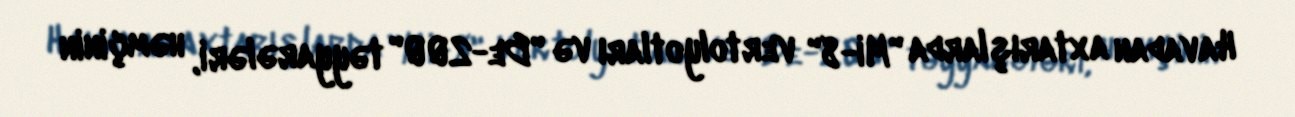
Havadan axtarışlarda "Mi-8" vertolyotları və "Be-200" təyyarələri, həmçinin
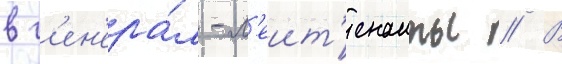
в г'ен'ера́л-л'еит'енанты // В
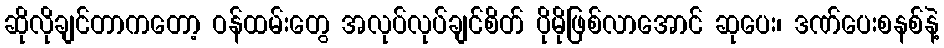
ဆိုလိုချင်တာကတော့ ဝန်ထမ်းတွေ အလုပ်လုပ်ချင်စိတ် ပိုမိုဖြစ်လာအောင် ဆုပေး၊ ဒဏ်ပေးစနစ်နဲ့
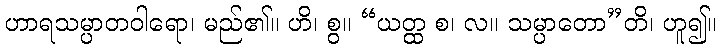
ဟာရသမ္ပာတဝါရော၊ မည်၏။ ဟိ၊ စွ။ “ယတ္ထ စ၊ လ။ သမ္ပာတော”တိ၊ ဟူ၍။
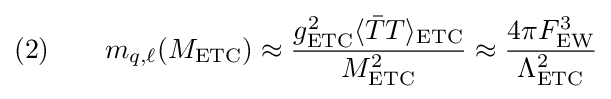
(2)\qquad m_{q,\ell }(M_{\text{ETC}})\approx {\frac {g_{\text{ETC}}^{2}\langle {\bar {T}}T\rangle _{\text{ETC}}}{M_{\text{ETC}}^{2}}}\approx {\frac {4\pi F_{\text{EW}}^{3}}{\Lambda _{\text{ETC}}^{2}}}
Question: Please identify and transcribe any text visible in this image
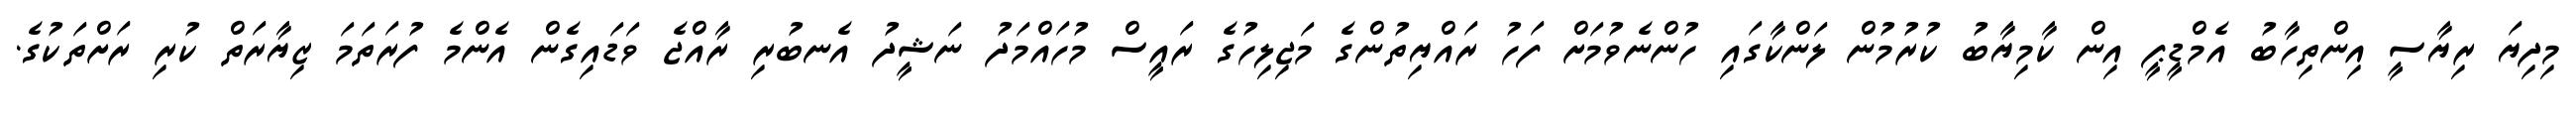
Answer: މިދިޔަ ރިޔާސީ އިންތިހާބު އެމްޑީޕީ އިން ކާމިޔާބު ކުރުމުން ލަންކާގައި ހުންނެވުމަށް ފަހު ރައްޔިތުންގެ މަޖިލިހުގެ ރައީސް މުހައްމަދު ނަޝީދު އެނބުރި ރާއްޖެ ވަޑައިގެން އެންމެ ފުރަތަމަ ޒިޔާރަތް ކުރި ރަށްތަކުގެ.
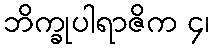
ဘိက္ခုပါရာဇိက ၄၊
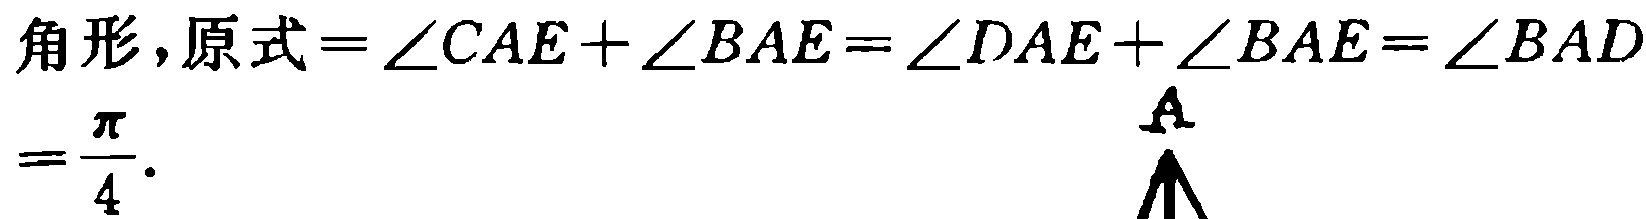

| AIM OF THE EXERCISE |
Check each line of the records for the word "text" and extract those that contain it.

| SOLUTION FOR THIS EXERCISE |
(2)\qquad m_{q,\ell }(M_{\text{ETC}})\approx {\frac {g_{\text{ETC}}^{2}\langle {\bar {T}}T\rangle _{\text{ETC}}}{M_{\text{ETC}}^{2}}}\approx {\frac {4\pi F_{\text{EW}}^{3}}{\Lambda _{\text{ETC}}^{2}}}
Question: Please identify and transcribe any text visible in this image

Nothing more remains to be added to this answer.